→ ACTIVITY: Every line in the records below between the one holding "Q: Is the spacing between lines" and the one holding "Q: Monospaced? A: No.", inclusive, is to be set down exactly; all other lines are to be left out.

→ SUPPLIED MATERIAL:
--------------------------------

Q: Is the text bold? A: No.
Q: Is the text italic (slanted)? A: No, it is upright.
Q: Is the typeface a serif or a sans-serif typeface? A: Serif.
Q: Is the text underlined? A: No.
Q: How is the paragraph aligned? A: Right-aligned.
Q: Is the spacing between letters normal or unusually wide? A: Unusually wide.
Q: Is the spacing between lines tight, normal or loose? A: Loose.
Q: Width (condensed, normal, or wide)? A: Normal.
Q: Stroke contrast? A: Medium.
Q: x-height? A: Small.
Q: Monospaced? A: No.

--------------------------------

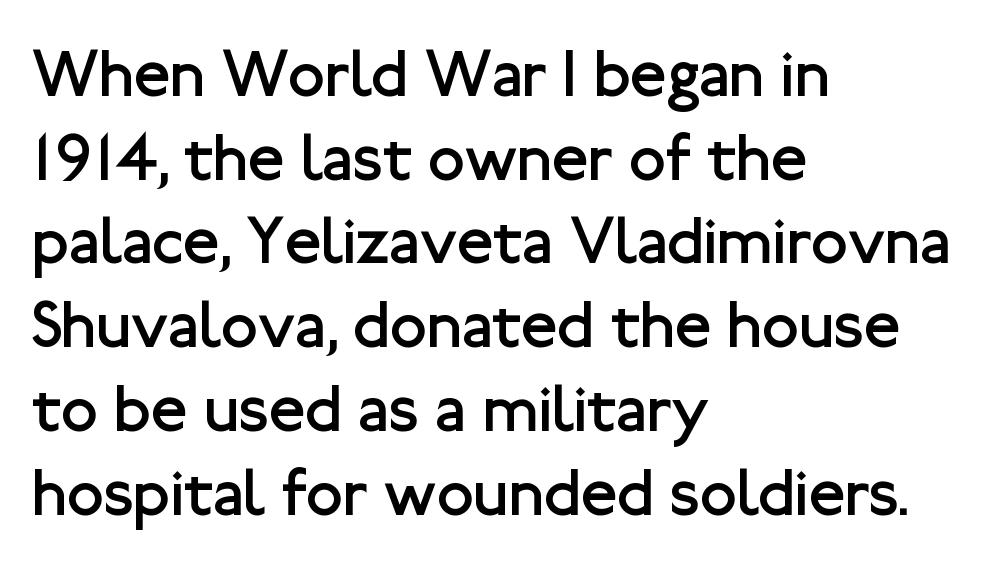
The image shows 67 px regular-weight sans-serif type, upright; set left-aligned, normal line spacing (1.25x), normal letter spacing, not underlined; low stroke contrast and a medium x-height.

--------------------------------

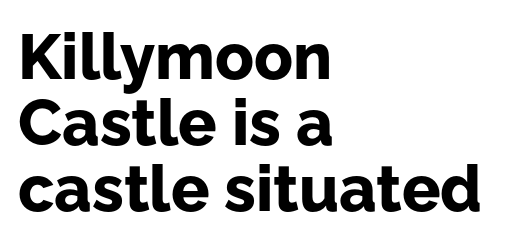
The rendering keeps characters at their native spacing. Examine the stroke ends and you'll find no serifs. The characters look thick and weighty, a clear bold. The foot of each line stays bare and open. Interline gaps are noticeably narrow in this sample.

--------------------------------

→ RESULT OF THIS TASK:
Q: Is the spacing between lines tight, normal or loose? A: Loose.
Q: Width (condensed, normal, or wide)? A: Normal.
Q: Stroke contrast? A: Medium.
Q: x-height? A: Small.
Q: Monospaced? A: No.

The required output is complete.